Interpreting the optical properties of oxide glasses with machine learning and Shapely additive explanations

Due to their excellent optical properties, glasses are used for various applications ranging from smartphone screens to telescopes. Developing compositions with tailored Abbe number (V-d) and refractive index at 587.6 nm (n(d)), two crucial optical properties, is a major challenge. To this extent, machine learning (ML) approaches have been successfully used to develop composition-property models. However, these models are essentially black boxes in nature and suffer from the lack of interpretability. In this paper, we demonstrate the use of ML models to predict the composition-dependent variations of V-d and n(d). Further, using Shapely additive explanations (SHAP), we interpret the ML models to identify the contribution of each of the input components toward target prediction. We observe that glass formers such as SiO2, B2O3, and P2O5 and intermediates such as TiO2, PbO, and Bi2O3 play a significant role in controlling the optical properties.

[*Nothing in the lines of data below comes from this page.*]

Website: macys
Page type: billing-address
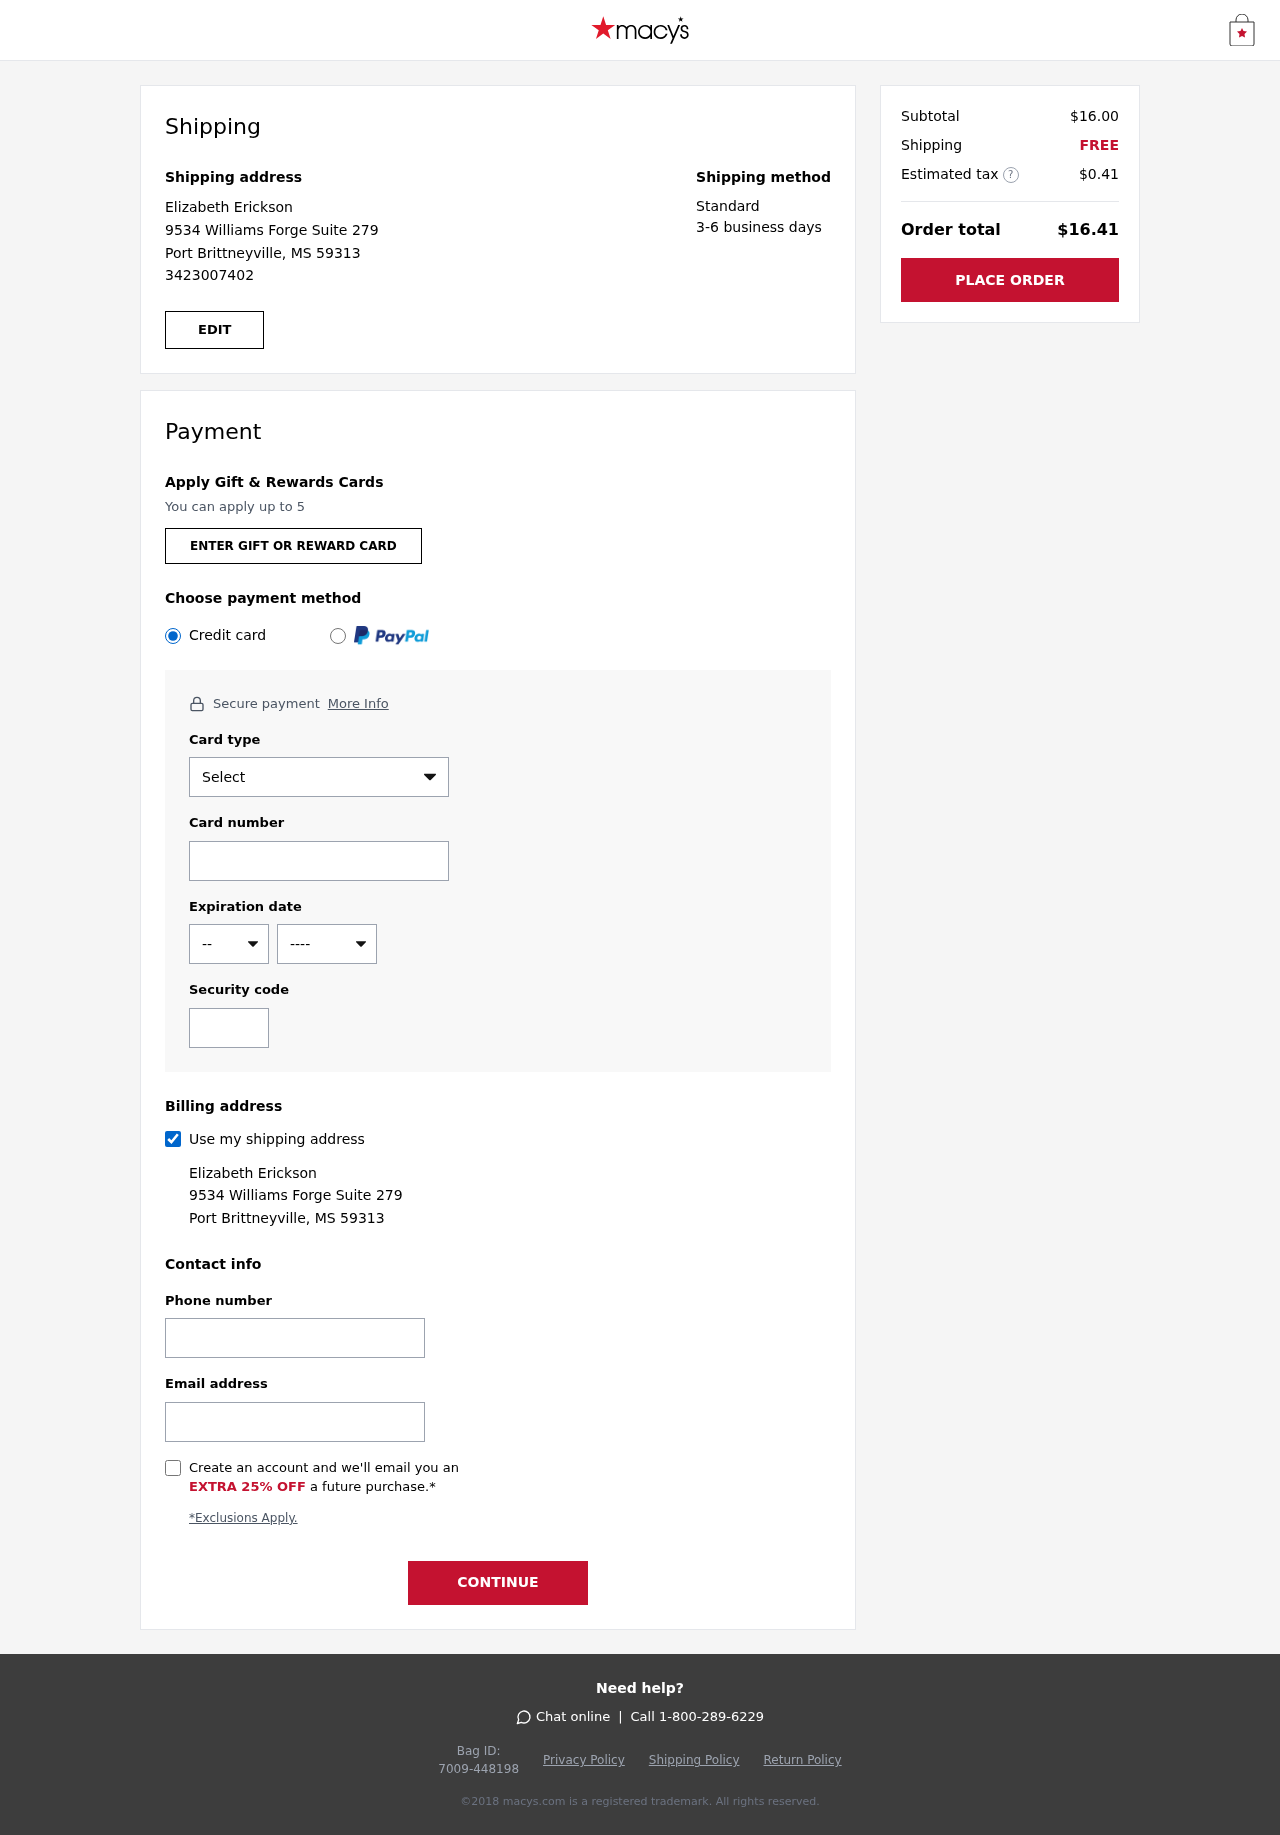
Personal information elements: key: PII_CARD_CVV
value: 5082
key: PII_CARD_EXPIRY_MONTH
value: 05
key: PII_CARD_EXPIRY_YEAR
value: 27
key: PII_CARD_NUMBER
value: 3737 3786 4391 152
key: PII_CARD_TYPE
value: American Express
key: PII_EMAIL
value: elizabeth.erickson@yahoo.com
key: PII_FULLNAME
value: Elizabeth Erickson
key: PII_PHONE
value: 3423007402
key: PII_STREET
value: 9534 Williams Forge Suite 279
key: PII_CITY_STATE_ZIP
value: Port Brittneyville, MS 59313
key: PII_FIRSTNAME
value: Elizabeth
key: PII_LASTNAME
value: Erickson
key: PII_FULLNAME2
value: Elizabeth Erickson
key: PII_FULLNAME3
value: Elizabeth Erickson
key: PII_FIRSTNAME2
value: Elizabeth
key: PII_FIRSTNAME3
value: Elizabeth
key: PII_LASTNAME2
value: Erickson
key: PII_LASTNAME3
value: Erickson
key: PII_FIRSTNAME_DERIVED
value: Elizabeth
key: PII_LASTNAME_DERIVED
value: Erickson
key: PII_FULLNAME_DERIVED
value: Elizabeth Erickson
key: PII_NAME_FULL_DERIVED
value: Elizabeth Erickson
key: PII_PHONE2
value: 3423007402
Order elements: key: ORDER_SUBTOTAL
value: $16.00
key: ORDER_SHIPPING_COST
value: FREE
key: ORDER_TAX
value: $0.41
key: ORDER_TOTAL
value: $16.41

Interestingly, components contributing toward increasing the n(d) are found to decrease the V-d and vice versa. Finally, we develop the Abbe diagram, using the ML models, allowing accelerated discovery of new glasses for optical properties beyond the experimental pareto front. Overall, employing explainable ML, we predict and interpret the compositional control on the optical properties of oxide glasses.

Automated summary

This paper demonstrates the use of machine learning models to predict and interpret the optical properties of oxide glasses, showing the application of ML models in compositional control and providing explanations of the model results through Shapely additive explanations (SHAP).